Мне ужасно хотелось, чтобы Рора сфотографировал Юлиану с ее непреходящей невыносимой скорбью, не потому, что я боялся забыть этот момент — такое не забывается, — а потому, что она была душераздирающе красива. Но Рора стоял поодаль и перезаряжал камеру.

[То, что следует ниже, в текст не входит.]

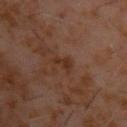Part of a total-body skin-imaging series; this lesion was reviewed on a skin check and was not flagged for biopsy.
The recorded lesion diameter is about 3 mm.
Imaged with cross-polarized lighting.
A region of skin cropped from a whole-body photographic capture, roughly 15 mm wide.
The lesion is on the upper back.
The patient is a male aged 58–62.
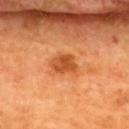Impression:
No biopsy was performed on this lesion — it was imaged during a full skin examination and was not determined to be concerning.
Background:
A 15 mm close-up tile from a total-body photography series done for melanoma screening. The lesion's longest dimension is about 3 mm. On the back. A female subject, aged approximately 45. This is a cross-polarized tile.
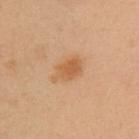Recorded during total-body skin imaging; not selected for excision or biopsy. The patient is a female approximately 50 years of age. The lesion is on the chest. A 15 mm close-up extracted from a 3D total-body photography capture. Imaged with cross-polarized lighting.
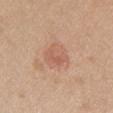Q: Is there a histopathology result?
A: total-body-photography surveillance lesion; no biopsy
Q: What is the imaging modality?
A: 15 mm crop, total-body photography
Q: What is the anatomic site?
A: the front of the torso
Q: How was the tile lit?
A: white-light
Q: Who is the patient?
A: female, aged 38–42
Q: What did automated image analysis measure?
A: an area of roughly 8.5 mm², an eccentricity of roughly 0.6, and a shape-asymmetry score of about 0.2 (0 = symmetric); a nevus-likeness score of about 10/100 and a detector confidence of about 100 out of 100 that the crop contains a lesion
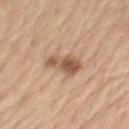Case summary:
– patient: male, aged approximately 70
– image: ~15 mm tile from a whole-body skin photo
– lesion diameter: ~5 mm (longest diameter)
– site: the left upper arm
– illumination: white-light
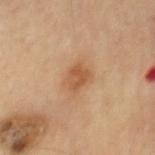{
  "biopsy_status": "not biopsied; imaged during a skin examination",
  "patient": {
    "sex": "male",
    "age_approx": "85+"
  },
  "lighting": "cross-polarized",
  "image": {
    "source": "total-body photography crop",
    "field_of_view_mm": 15
  },
  "lesion_size": {
    "long_diameter_mm_approx": 3.0
  },
  "site": "chest"
}
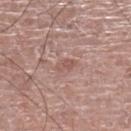Impression: Captured during whole-body skin photography for melanoma surveillance; the lesion was not biopsied. Context: The lesion-visualizer software estimated a shape eccentricity near 0.85 and a shape-asymmetry score of about 0.2 (0 = symmetric). The software also gave a classifier nevus-likeness of about 0/100. Captured under white-light illumination. A male patient, aged 73–77. The lesion is on the left lower leg. A roughly 15 mm field-of-view crop from a total-body skin photograph.
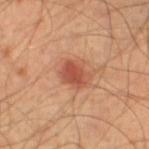Q: What are the patient's age and sex?
A: male, aged around 55
Q: How was this image acquired?
A: ~15 mm tile from a whole-body skin photo
Q: Automated lesion metrics?
A: an area of roughly 6.5 mm², an eccentricity of roughly 0.65, and two-axis asymmetry of about 0.2
Q: How large is the lesion?
A: about 3.5 mm
Q: Lesion location?
A: the left thigh
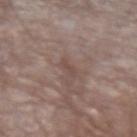Q: Is there a histopathology result?
A: no biopsy performed (imaged during a skin exam)
Q: Illumination type?
A: white-light illumination
Q: Automated lesion metrics?
A: an area of roughly 2 mm², a shape eccentricity near 0.95, and a shape-asymmetry score of about 0.4 (0 = symmetric); a mean CIELAB color near L≈47 a*≈17 b*≈21, about 6 CIELAB-L* units darker than the surrounding skin, and a normalized lesion–skin contrast near 5; a border-irregularity rating of about 5/10 and a within-lesion color-variation index near 0/10
Q: Lesion location?
A: the left upper arm
Q: How was this image acquired?
A: ~15 mm tile from a whole-body skin photo
Q: Patient demographics?
A: male, aged 63–67
Q: How large is the lesion?
A: ~3 mm (longest diameter)
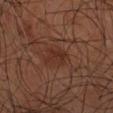{"biopsy_status": "not biopsied; imaged during a skin examination", "image": {"source": "total-body photography crop", "field_of_view_mm": 15}, "lighting": "cross-polarized", "patient": {"sex": "male", "age_approx": 65}, "site": "left upper arm"}
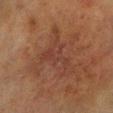Assessment:
No biopsy was performed on this lesion — it was imaged during a full skin examination and was not determined to be concerning.
Background:
The lesion is located on the leg. A 15 mm close-up extracted from a 3D total-body photography capture. A male patient aged approximately 70.
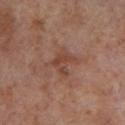Captured during whole-body skin photography for melanoma surveillance; the lesion was not biopsied. The lesion's longest dimension is about 3 mm. A male subject roughly 70 years of age. Automated tile analysis of the lesion measured a lesion area of about 4.5 mm² and an outline eccentricity of about 0.6 (0 = round, 1 = elongated). Captured under cross-polarized illumination. A 15 mm close-up extracted from a 3D total-body photography capture. From the right lower leg.

— Ольга переехала в Европу, и там ее следы окончательно затерялись, — добавил я. — Вполне вероятно, она погибла во время Холокоста.
— Мою бабушку расстреляли румыны в 1942 году, — сказала Юлиана. — Ей было около тридцати.
— А вы никогда не слыхали про Лазаря Авербаха? Никогда не приходилось слышать историю семьи с такой фамилией?
— Нет. Мой папа был еще совсем маленьким, когда убили его мать. И его бабушка с дедушкой тоже погибли. Никаких семейных преданий не осталось.
— А в Кишиневе есть другие Авербахи? Вы никого не знаете?
— Нет, — сказала она. — Никаких Авербахов здесь нет.
— Точно?
— Евреев здесь не так много, все друг друга знают. Здесь нет Авербахов. Но вы можете сходить на кладбище. Авербахи все там.
Кладбище было огорожено неприметной полуобвалившейся стеной; мы долго искали ворота — тяжелые и ржавые. Перед воротами стояла абы как припаркованная древняя „дакия“; сидящий в ней водитель курил, не спуская глаз с ворот, словно поджидал возвращения дружков с дела. Юлиане пришлось позвонить в звонок, после чего какой-то мужчина в высоких резиновых сапогах отпер ворота и сразу же растянулся на скамейке неподалеку от входа — похоже, с нее он и встал. Стоял чудесный солнечный день; ясный воздух был пропитан приятным запахом летних цветов; птицы самозабвенно щебетали. Мы шли по узкой дорожке, в тишине, под зеленым сводом, рассеивавшим лучи солнца. Дорожка раздваивалась: одна ее ветвь упиралась в стену, а другая расширялась и уходила куда-то в глубь кладбища; по ней мы и пошли. Некоторые надгробия сплошь заросли плющом и пышным кустарником; некоторые были полностью разрушены; многие — осквернены: явно отколотые молотком углы, разбитые или расколотые фотографии умерших. Были и аккуратные, ухоженные надгробные плиты; они казались нереальными, словно на самом деле были ухудшенными копиями прежних, неповрежденных. На некоторых надгробиях было что-то написано по-русски — что, я не мог разобрать.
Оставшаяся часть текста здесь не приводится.